On Friday, the head of the Bethel-based Association of Village Council Presidents said his group plans to send McDonald's a letter of protest.

The pollock fleet reduced king salmon bycatch numbers from a high of more than 121,000 fish in 2007 to 11,350 in 2012, according to the National Marine Fisheries Service. But AVCP President Myron Naneng said Friday that village fishermen are still being asked to make the deepest sacrifices in the interest of preserving the chinook runs.

Twenty-one Lower Kuskokwim River fishermen are now awaiting trial on charges they violated a fishing bans during the summer king salmon season.
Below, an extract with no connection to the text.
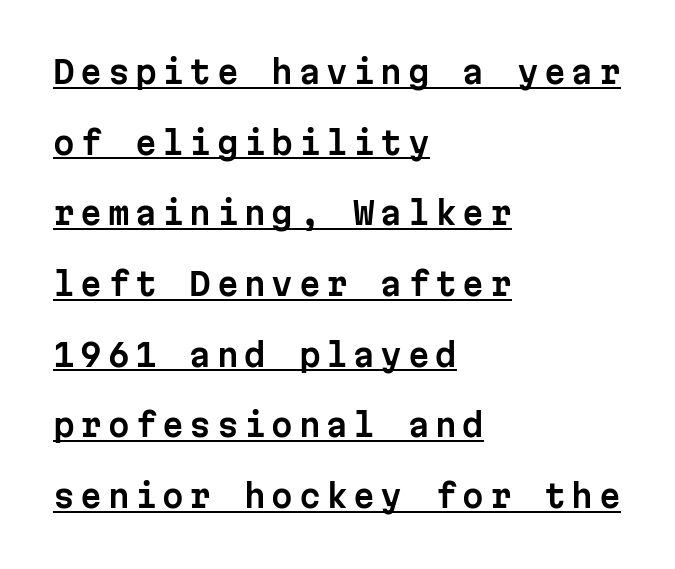
The type sits square on the baseline with zero lean. Underlining? Definitely there. The letters march in equal steps, a hallmark of fixed-pitch type. Does the leading feel generous? Absolutely, it's lavish. The passage is arranged the way most books set body copy — flush left. What kind of face is this? One without serifs — a sans.

Some fishermen cited by state troopers told the Daily News they were fishing in defiance of what they believed was an unjust ban on fishing for food.

"It's OK to throw away thousands of chinook salmon overboard and then cite fishermen in the river system that maybe caught one or two chinook salmon that are in the river?" Naneng said in a phone interview. "That makes me question, 'Do we live in America?' "
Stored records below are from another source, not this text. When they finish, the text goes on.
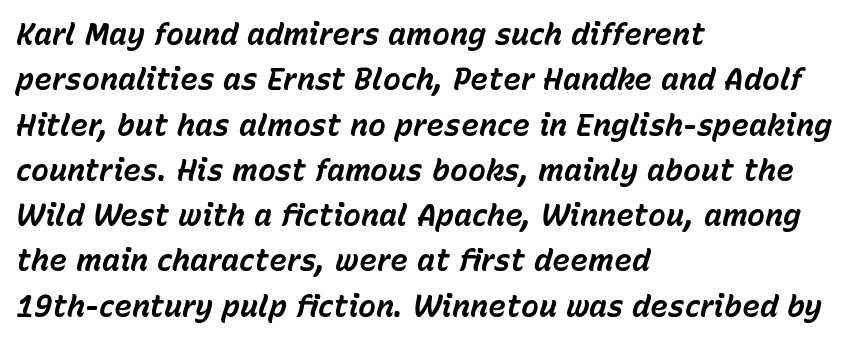
Q: Is the text bold? A: Yes.
Q: Is the text italic (slanted)? A: Yes, it leans right by about 15 degrees.
Q: Is the text underlined? A: No.
Q: How is the paragraph aligned? A: Left-aligned.
Q: Is the spacing between letters normal or unusually wide? A: Normal.
Q: Is the spacing between lines tight, normal or loose? A: Normal.
Q: Width (condensed, normal, or wide)? A: Normal.
Q: Stroke contrast? A: Low.
Q: x-height? A: Medium.
Q: Monospaced? A: No.

Naneng's remarks strike at a still-simmering tension between village salmon fishermen who are regularly banned from catching kings, a rare source of cash and a favored food on the Lower Kuskokwim and Yukon rivers, and the pollock fleet that has sharply reduced salmon bycatch since 2007.

"For Alaska pollock, we have among the highest scores of any fishery in the (certified sustainable) program," said Jim Gilmore, public affairs director for the At-sea Processors Association.
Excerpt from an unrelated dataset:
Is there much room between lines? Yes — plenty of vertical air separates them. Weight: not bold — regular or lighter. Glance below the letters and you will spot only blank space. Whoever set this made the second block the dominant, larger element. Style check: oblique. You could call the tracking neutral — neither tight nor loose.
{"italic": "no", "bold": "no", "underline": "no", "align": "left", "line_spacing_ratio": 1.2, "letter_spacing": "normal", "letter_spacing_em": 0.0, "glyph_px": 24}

Gilmore said an electronic reporting system, monitored by a private company, now directs the pollock fleet away from areas where fishing vessels encounter king salmon.

"The fishing industry not only complied with (new bycatch) regulations but its been taking on its own responsibility for reducing that bycatch as much as possible," he said.

The $1 billion Alaska pollock fishery is one of the largest fisheries in the world. About 2.6 billion pounds of the white fish will be caught this year, Gilmore said, sold as fish sticks, fillets and imitation crab.

Through Alaska's Community Development Quota programs, Western Alaska villages hold a financial stake in the success of the pollock fishery.

The Coastal Villages Region Fund, which benefits 20 communities, operates its own pollock vessel, the Northern Hawk. The group earned $50 million on pollock in 2012, said spokesman Dawson Hoover.

In 2012, the CDQ caught 161 king salmon as bycatch while landing 88 million pounds of pollock, he said. The group is concerned about salmon bycatch but welcomed news McDonald's will be raising the profile of abundant Alaska-caught pollock, Hoover said. "(It's) one of the cleanest fisheries in the world, by volume."

More than 80 percent of the CDQ employees are from area villages, while Coastal Villages gave an additional $2 million to villages in October based on better-than-expected revenue, he said.

"I think our region, through CVRF, has a bright future with the jobs that we provide," Hoover said.



The London-based Marine Stewardship Council has labeled pollock a certified sustainable seafood since 2005. The designation is meant to tell consumers that the fish comes from a responsibly managed stock and that fishing practices do not harm the environment or other species, according to the council website.

In 2012, Bethel-based research revealed a weak, late run for king salmon on the Kuskokwim River, which flows into the Bering Sea, and regulators banned subsistence fishing. The U.S. Department of Commerce declared the weak runs on the Yukon and Kuskokwim rivers a disaster.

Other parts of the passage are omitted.